Disadvantages of YTTW Flexible Fireproof Cable
1. YTTW cable utilizes a copper sheath, which significantly increases production costs due to the increased copper usage.
2. Cables with larger cross-sections are still relatively rigid and lack flexibility, so larger cross-sections (greater than 630mm²) cannot be produced yet and cannot meet the high current requirements of the system. Furthermore, the copper sheath of cables with larger cross-sections is prone to cracking, as will be explained later.
3. According to the testing requirements specified by the British Metro, during testing, YTTW cable samples were subjected to two stages of combustion and spray testing. When bent 180° at the impact point, the copper sheath of the inorganic mineral insulated cable (YTTW) cracked along the weld at the bend. The crack was over 10 cm long, and the mica tape was visible, having been burned into a black powder. Subsequent impact testing was continued at the bend point, with impacts occurring every 30 seconds for 15 minutes. The crack in the YTTW copper sheath at the bend was even larger, and the mica at the crack had significantly fallen off. The insulation test showed 0 MΩ. After the impact, the sample was immersed in water and a voltage of 750V was applied. The YTTW sample failed the test due to cracks on the sheath surface and a short circuit.

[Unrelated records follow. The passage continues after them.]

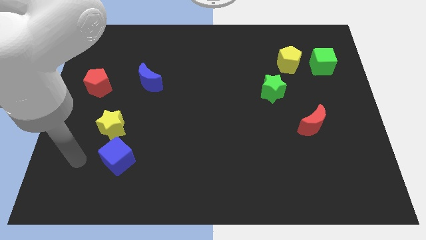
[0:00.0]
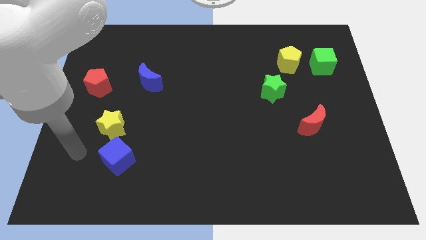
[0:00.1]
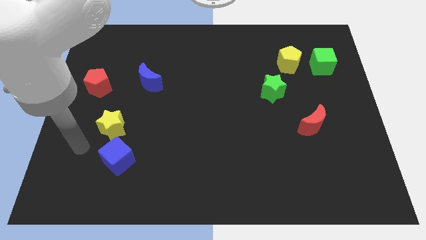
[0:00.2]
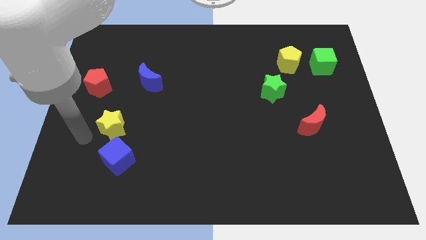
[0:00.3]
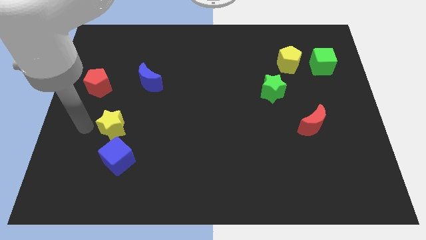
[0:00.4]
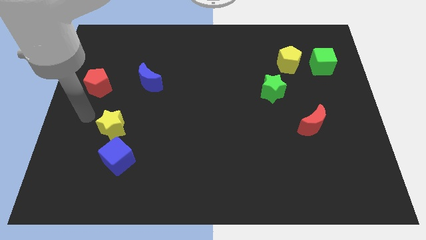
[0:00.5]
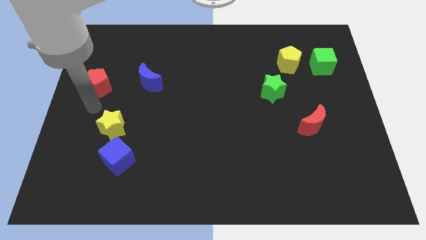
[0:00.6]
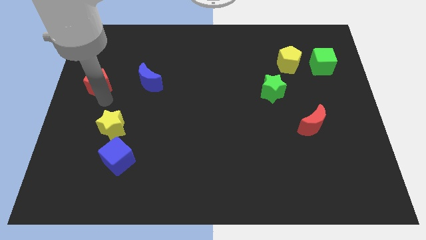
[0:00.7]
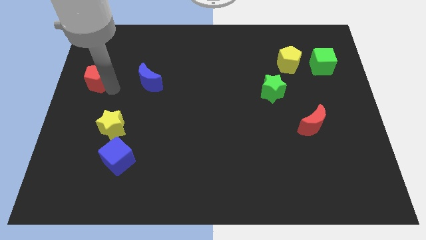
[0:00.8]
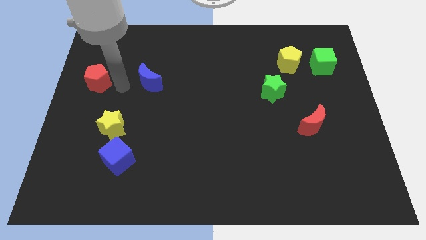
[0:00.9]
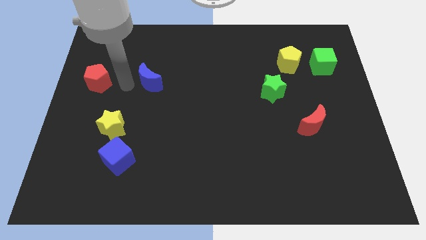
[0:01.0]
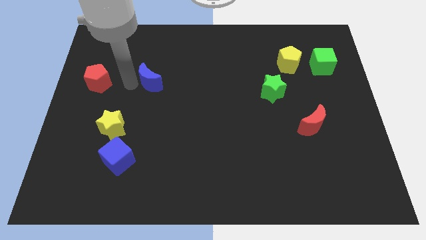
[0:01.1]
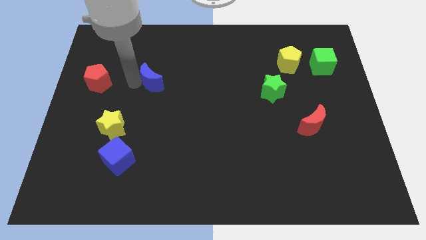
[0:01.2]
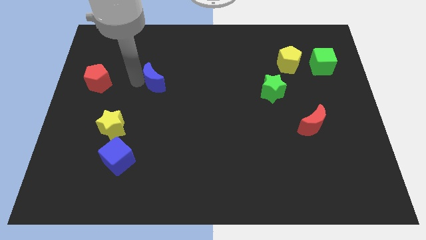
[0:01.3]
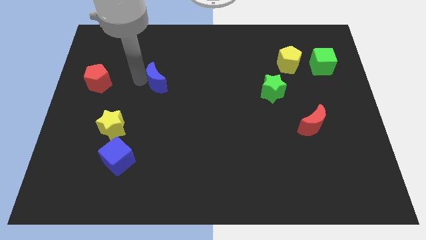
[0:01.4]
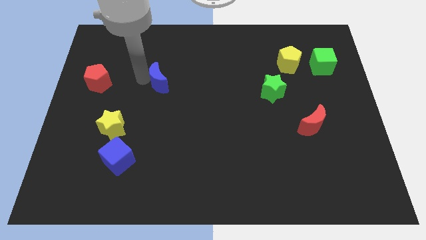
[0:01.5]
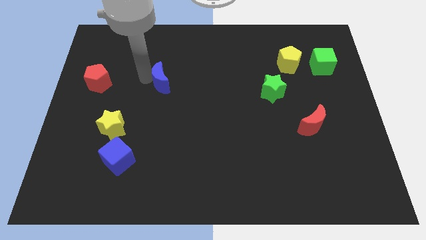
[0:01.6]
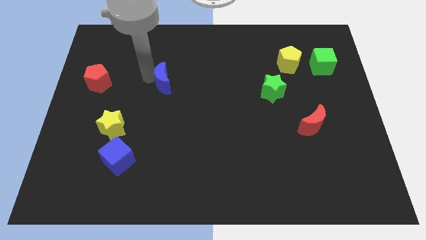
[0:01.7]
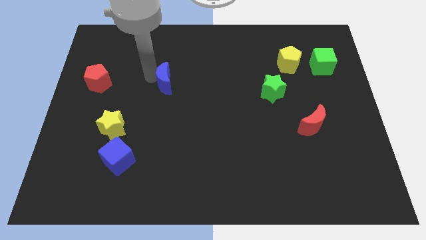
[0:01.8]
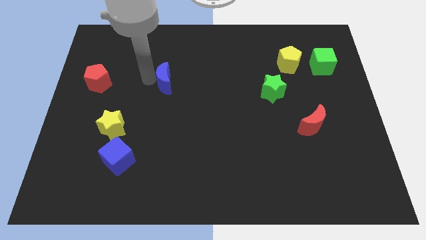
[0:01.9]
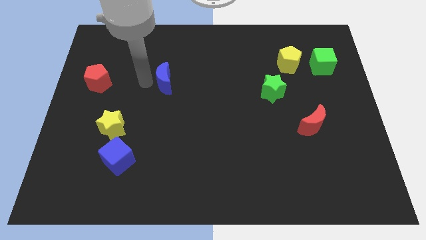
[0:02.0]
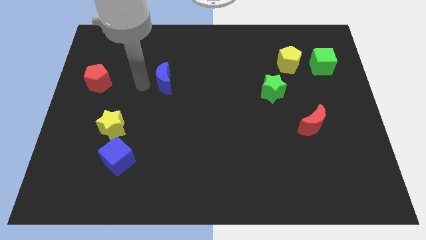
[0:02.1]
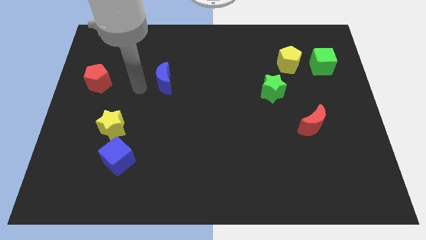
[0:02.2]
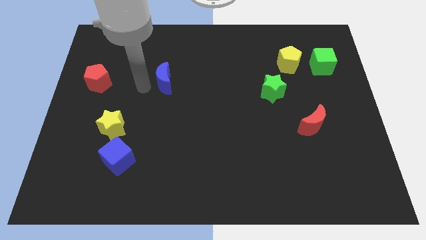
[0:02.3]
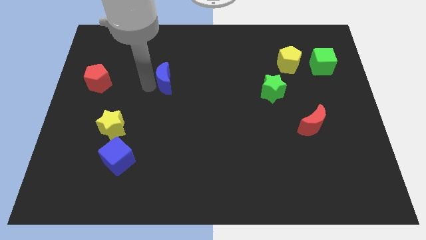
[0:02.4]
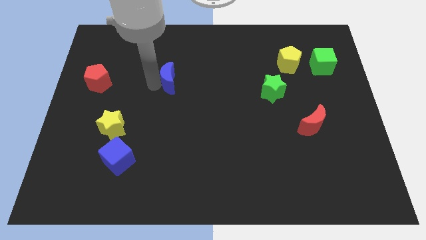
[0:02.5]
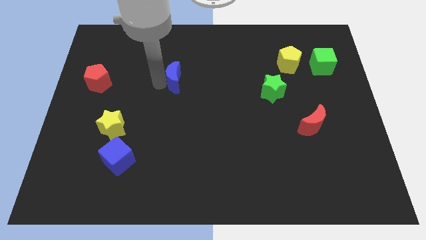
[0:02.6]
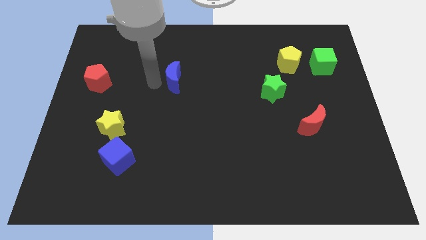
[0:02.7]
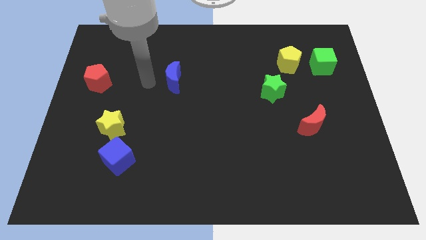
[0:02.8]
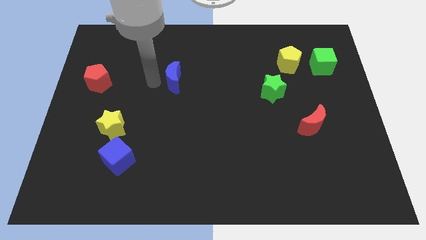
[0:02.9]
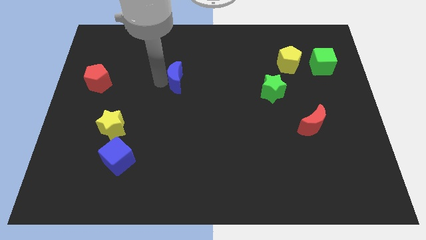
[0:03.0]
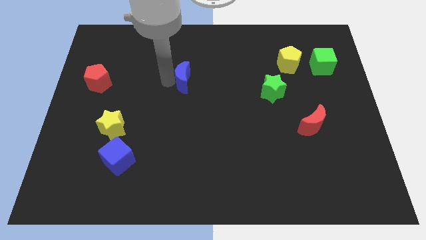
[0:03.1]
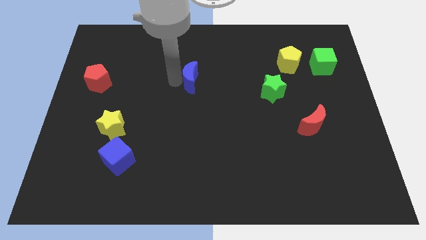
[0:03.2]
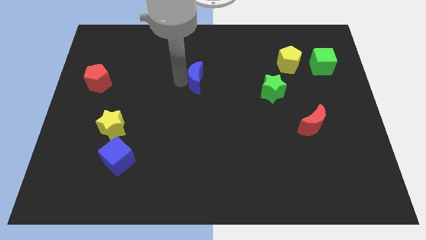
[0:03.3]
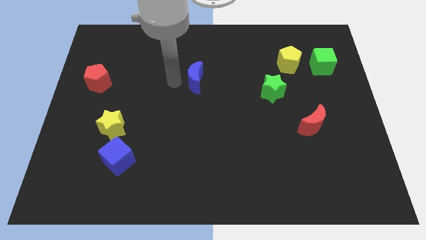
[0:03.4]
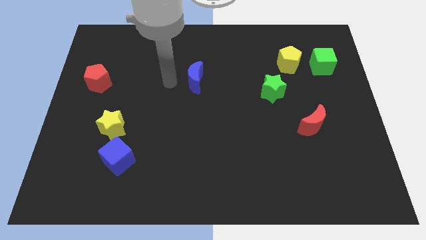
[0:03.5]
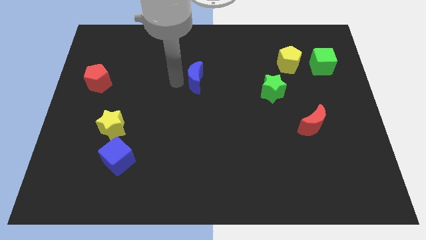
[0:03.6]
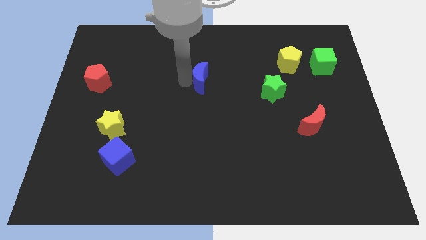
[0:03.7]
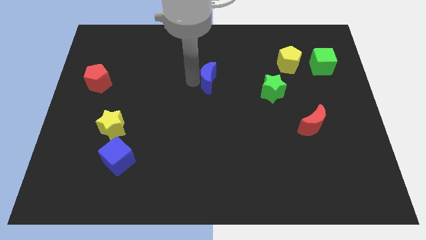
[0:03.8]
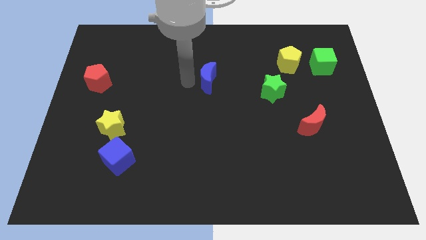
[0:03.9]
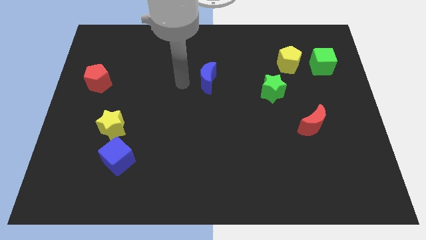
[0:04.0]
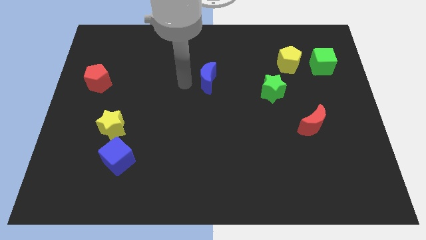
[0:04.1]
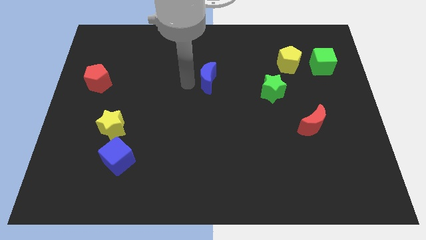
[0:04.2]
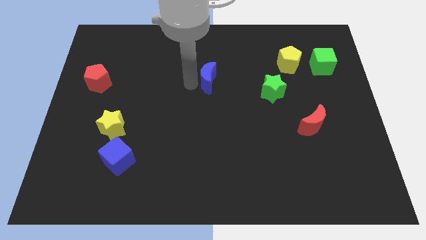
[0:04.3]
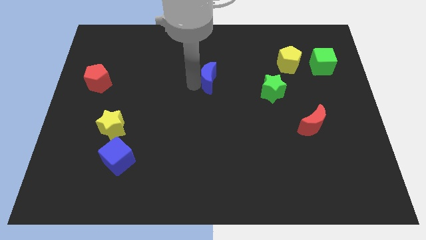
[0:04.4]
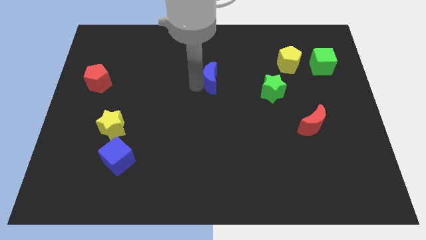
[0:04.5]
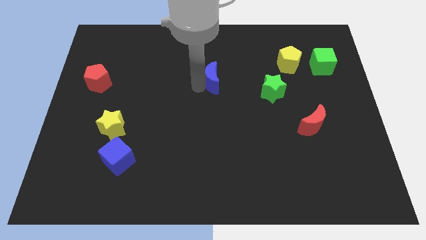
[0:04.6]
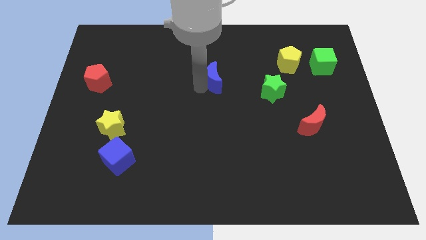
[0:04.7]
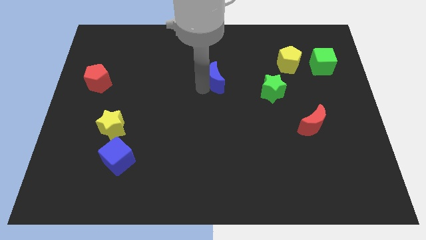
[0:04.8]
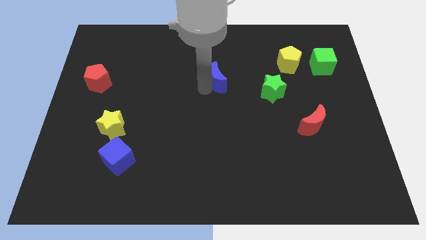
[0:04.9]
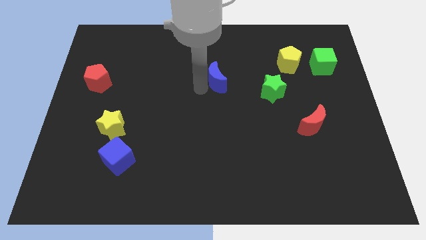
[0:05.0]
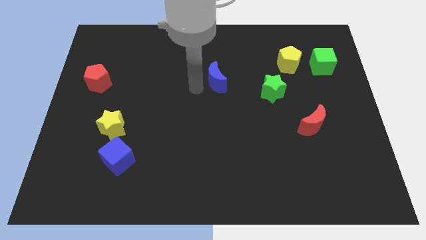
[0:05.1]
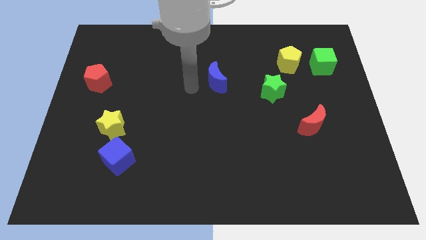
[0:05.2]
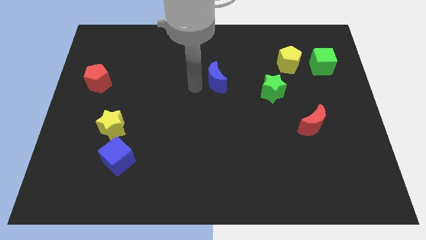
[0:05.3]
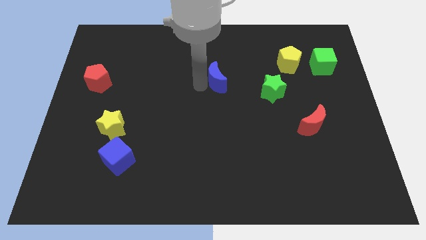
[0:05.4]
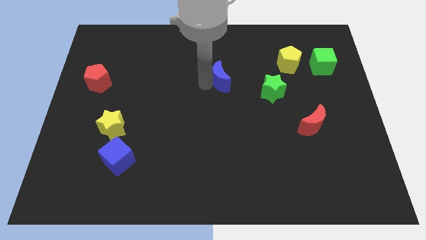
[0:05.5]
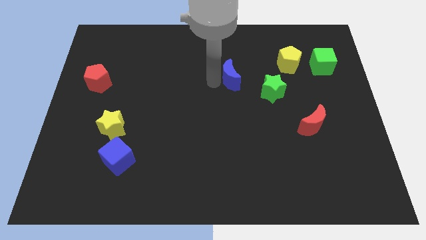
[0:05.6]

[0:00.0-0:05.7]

Observations of the samples during the test and the final test results indicate that, under conditions of sustained high-temperature combustion, the mica, which provides insulation and fire resistance, in inorganic mineral insulated cables (i.e., flexible fire-resistant cables), will shed as powder, and the glass fiber cloth will become hard and brittle. Due to its structural characteristics, there are considerable gaps between the sheath and the insulation layer, providing space for the shed mica powder, making it very easy for external impact to cause an electrical short circuit. Furthermore, the insulation layer of this type of cable lacks the dense aluminum sheath of BTLY cables, resulting in poor explosion-proof performance. Combustible gases, gasoline, and steam can spread through the gaps between the cable sheath and the insulation layer to connected electrical equipment or other areas requiring explosion-proof protection. Therefore, caution should be exercised when selecting this cable for use in critical locations, such as fire protection systems.
4. According to cable withstand voltage test regulations, the voltage should not break down when increased to 2500V at a rate of 150V/s for 15 minutes. However, some YTTW cables broke down when the voltage was increased to 1300V. Three hours later, when the voltage was reapplied and increased to 2000V, the cables broke down again. This test demonstrates that after a breakdown, YTTW cables cannot recover their electrical performance and must be scrapped.